When the Hyde amendment was up for a direct vote in 2008, Harry Reid voted for it. Reid’s spokesman insisted in 2009 that Reid is “strongly pro-life … and I resent any suggestion to the contrary, and his voting record speaks for himself.” Reid and other Democrats who call themselves pro-choice have voted many more times for defense authorization bills and legislation to fund Medicaid that include the underlying Hyde amendment. 

So why is the bill to combat sex-trafficking any different? Reid and other Democrats argued on Tuesday that the main distinction is that the fund set up by this bill to help sex-trafficking victims is funded with fines paid by criminals, rather than tax dollars.

Reid said at his Tuesday press conference that the bill to combat sex trafficking “sets a dangerous precedent by applying Hyde restrictions on non-taxpayer dollars.” The clear implication from Reid and other Senate Democrats was that they would support the bill with the Hyde amendment if it were funded with tax dollars instead of fines. 

But this is a distinction without a difference: Money is fungible, and federal funds are federal funds.

5. The Hyde amendment includes exceptions for abortion in the cases of rape, incest, and when the life of the mother is endangered.

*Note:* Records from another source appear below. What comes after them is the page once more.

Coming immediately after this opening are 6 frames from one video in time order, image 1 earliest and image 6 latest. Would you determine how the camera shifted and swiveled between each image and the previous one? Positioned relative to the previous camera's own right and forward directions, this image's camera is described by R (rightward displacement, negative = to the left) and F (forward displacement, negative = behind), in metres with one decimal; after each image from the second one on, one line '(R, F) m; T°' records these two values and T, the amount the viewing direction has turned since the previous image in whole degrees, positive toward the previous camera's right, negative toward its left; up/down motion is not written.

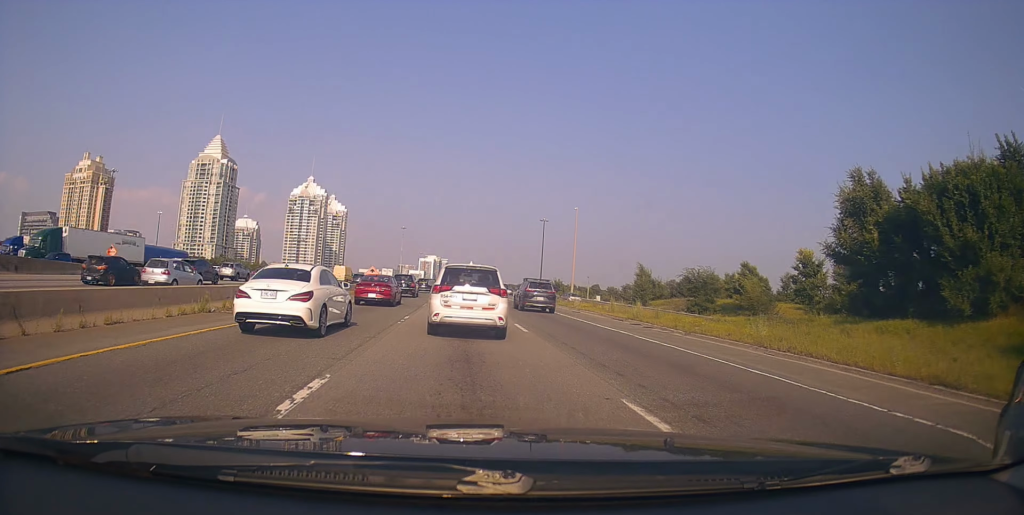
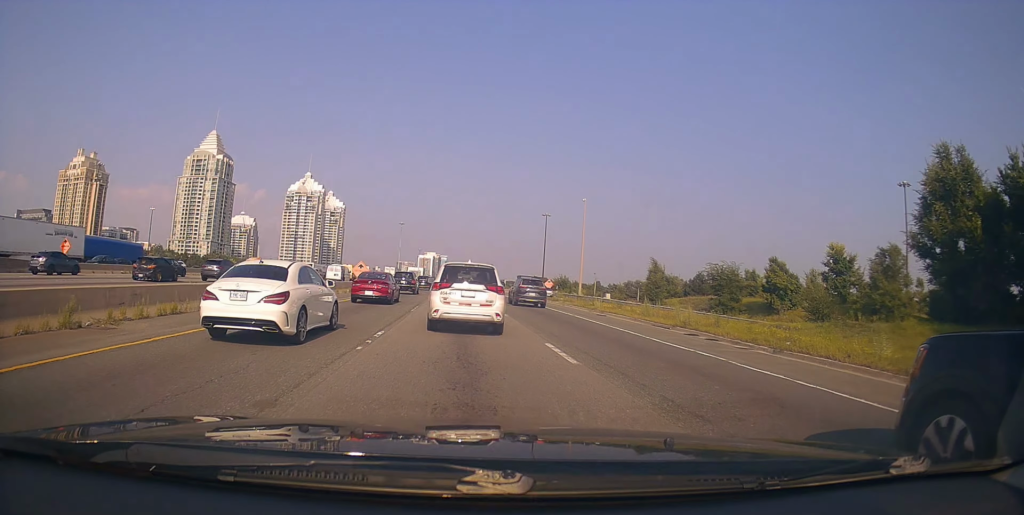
(-0.2, +6.1) m; -3°
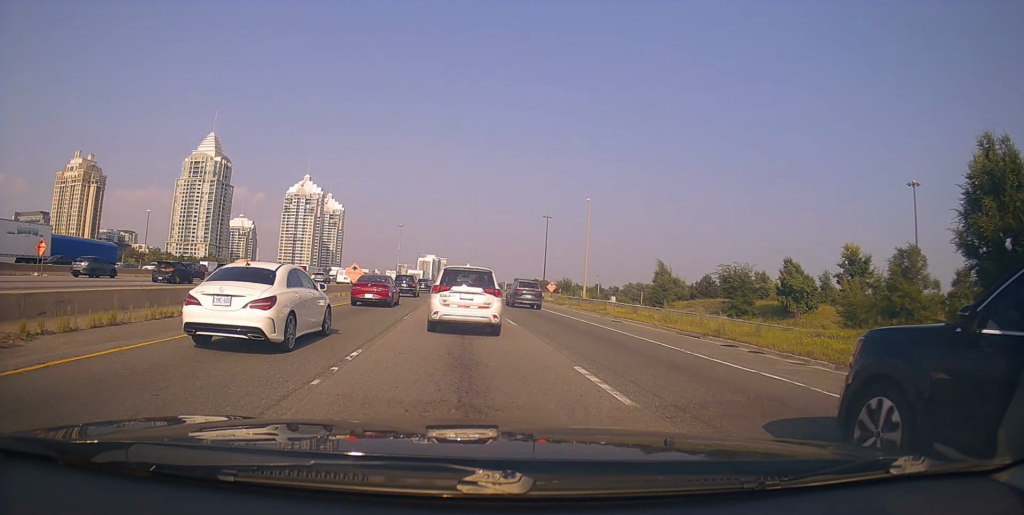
(-0.1, +3.1) m; -1°
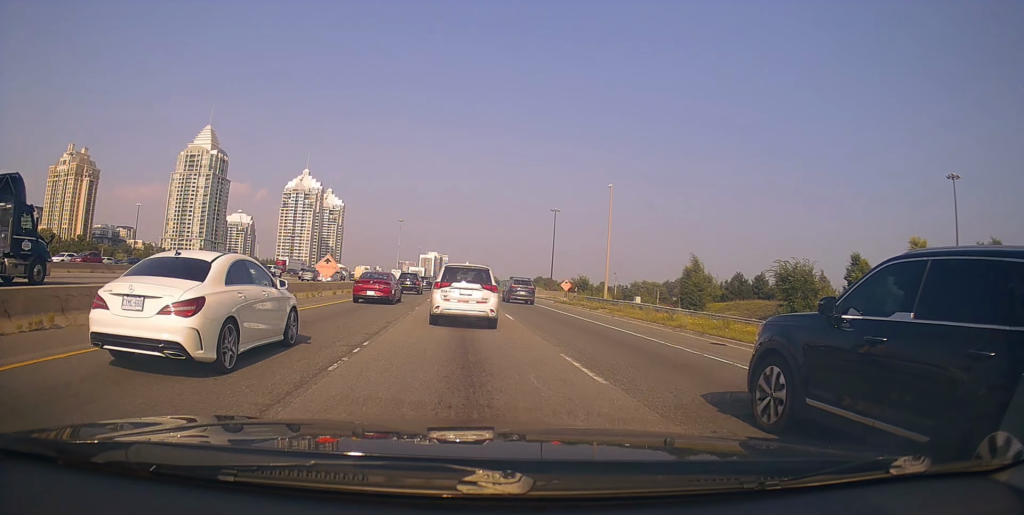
(+0.1, +10.1) m; -1°
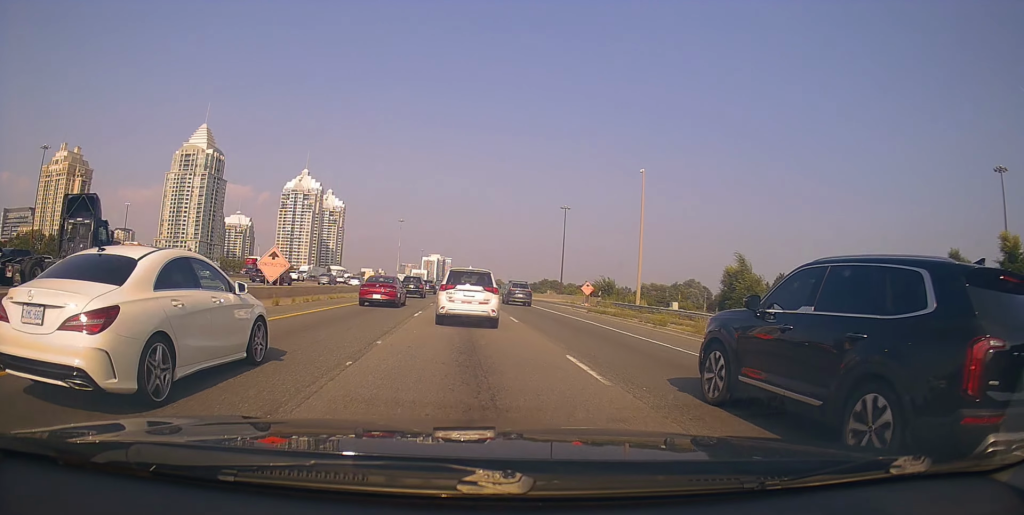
(0.0, +11.3) m; +1°
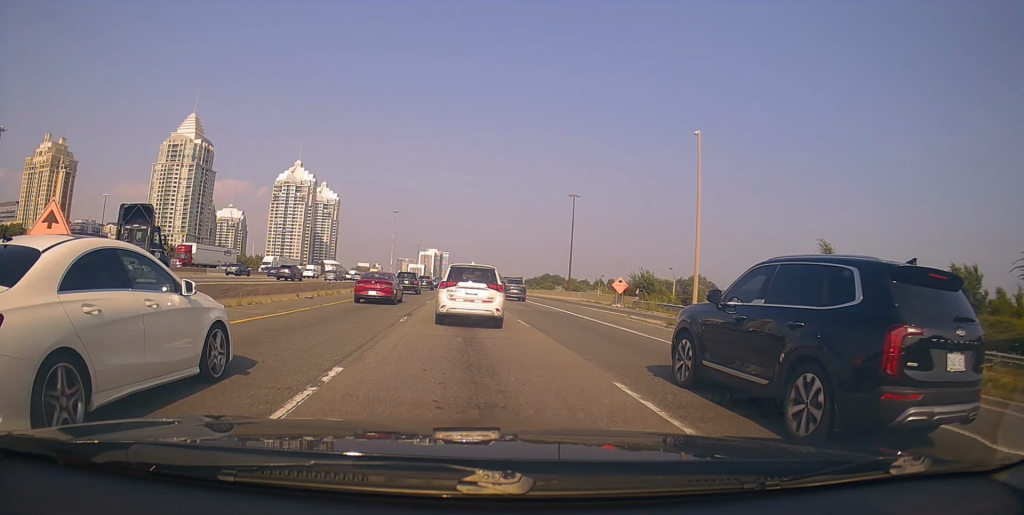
(+0.2, +14.9) m; +2°

Since the 1990s, Hyde amendment restrictions on federal funding of abortion have included those exceptions, and so does the bill to combat sex trafficking. That means that any woman who becomes pregnant as a result of sex trafficking would be exempt from the bill’s restriction on abortion funding. The New York Times does not dispute this, and neither does Eleanor Clift. What federal dollars could not pay for are elective abortions that fall outside of those exceptions.

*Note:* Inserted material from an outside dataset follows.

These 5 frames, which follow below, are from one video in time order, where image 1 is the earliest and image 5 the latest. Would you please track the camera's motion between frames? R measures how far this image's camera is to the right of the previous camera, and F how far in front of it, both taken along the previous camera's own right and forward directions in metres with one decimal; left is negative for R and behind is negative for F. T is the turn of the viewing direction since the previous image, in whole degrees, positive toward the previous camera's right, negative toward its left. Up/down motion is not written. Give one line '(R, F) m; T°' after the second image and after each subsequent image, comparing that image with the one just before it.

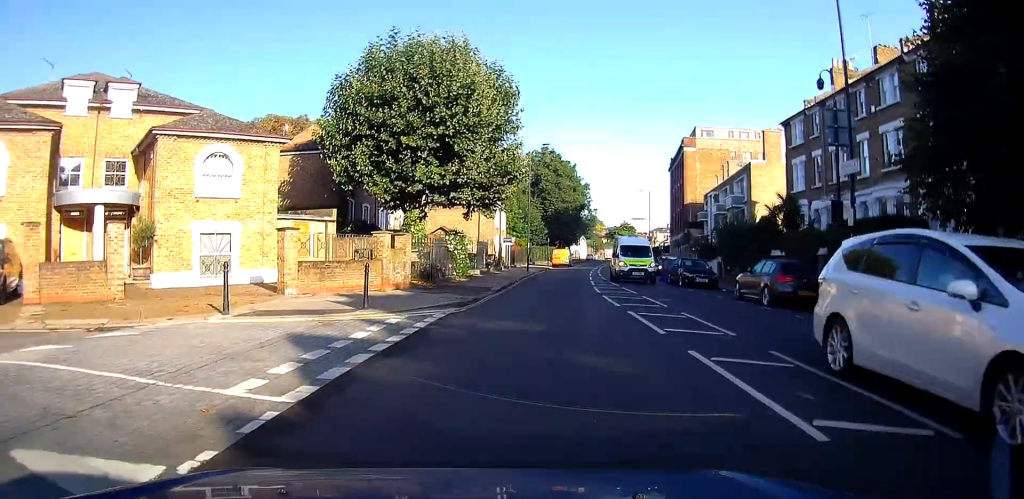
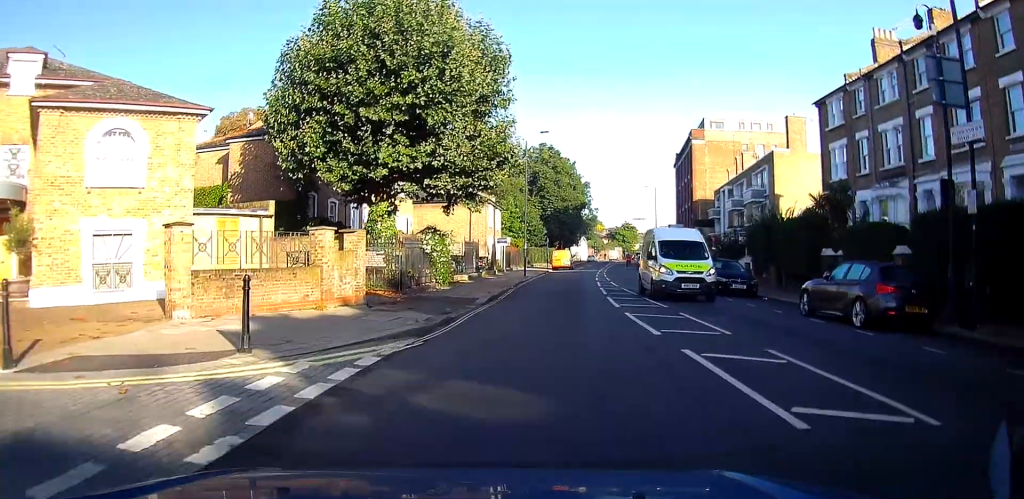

So, given the aforementioned facts, why is Harry Reid filibustering the legislation? One popular theory among some Republicans on Capitol Hill is that this has less to do with abortion politics than it does with Reid trying to prove that Republicans can’t govern. “Republicans have came in [sic] saying they would know how to govern, and what a mess they’ve made,” Senator Chuck Schumer of New York said at Tuesday’s press conference. “Now even a simple trafficking bill, they can’t get done.” 

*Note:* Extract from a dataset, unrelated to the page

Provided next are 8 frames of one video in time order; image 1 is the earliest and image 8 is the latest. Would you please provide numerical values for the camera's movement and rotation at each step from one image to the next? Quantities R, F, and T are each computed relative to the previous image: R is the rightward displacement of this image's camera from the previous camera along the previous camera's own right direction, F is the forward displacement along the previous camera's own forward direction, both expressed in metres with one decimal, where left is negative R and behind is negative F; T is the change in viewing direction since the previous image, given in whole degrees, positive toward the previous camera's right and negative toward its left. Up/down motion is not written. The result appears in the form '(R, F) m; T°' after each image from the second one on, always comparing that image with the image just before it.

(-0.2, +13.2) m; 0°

“They’re putting their own poison pills in their own bill,” Schumer added. So Democrats might just be trying to jam up Mitch McConnell, even if that’s done at the expense of sex-trafficking victims. Even if the politics don’t appear to benefit Democrats, Reid can always count on Jon Stewart and some in the mainstream media to be too ignorant or biased to report accurately on the bill.

Perhaps a more likely explanation is that Democrats knew that the bill included the Hyde amendment, but the abortion lobby didn’t find out until March 10. Planned Parenthood lobbyists emailed every Senate office on Tuesday warning that opposing yesterday’s filibuster would negatively affect Planned Parenthood’s rating of senators’ records on abortion. And getting on the wrong side of Planned Parenthood and its donors is a risk most Democrats are unwilling to take. 

As of Wednesday afternoon, the standoff continued. Republican majority leader Mitch McConnell has vowed that President Obama’s attorney general nominee Loretta Lynch will not receive a vote until the Democrats end their filibuster. McConnell said he will bring the bill to the floor as many times as it takes to pass it.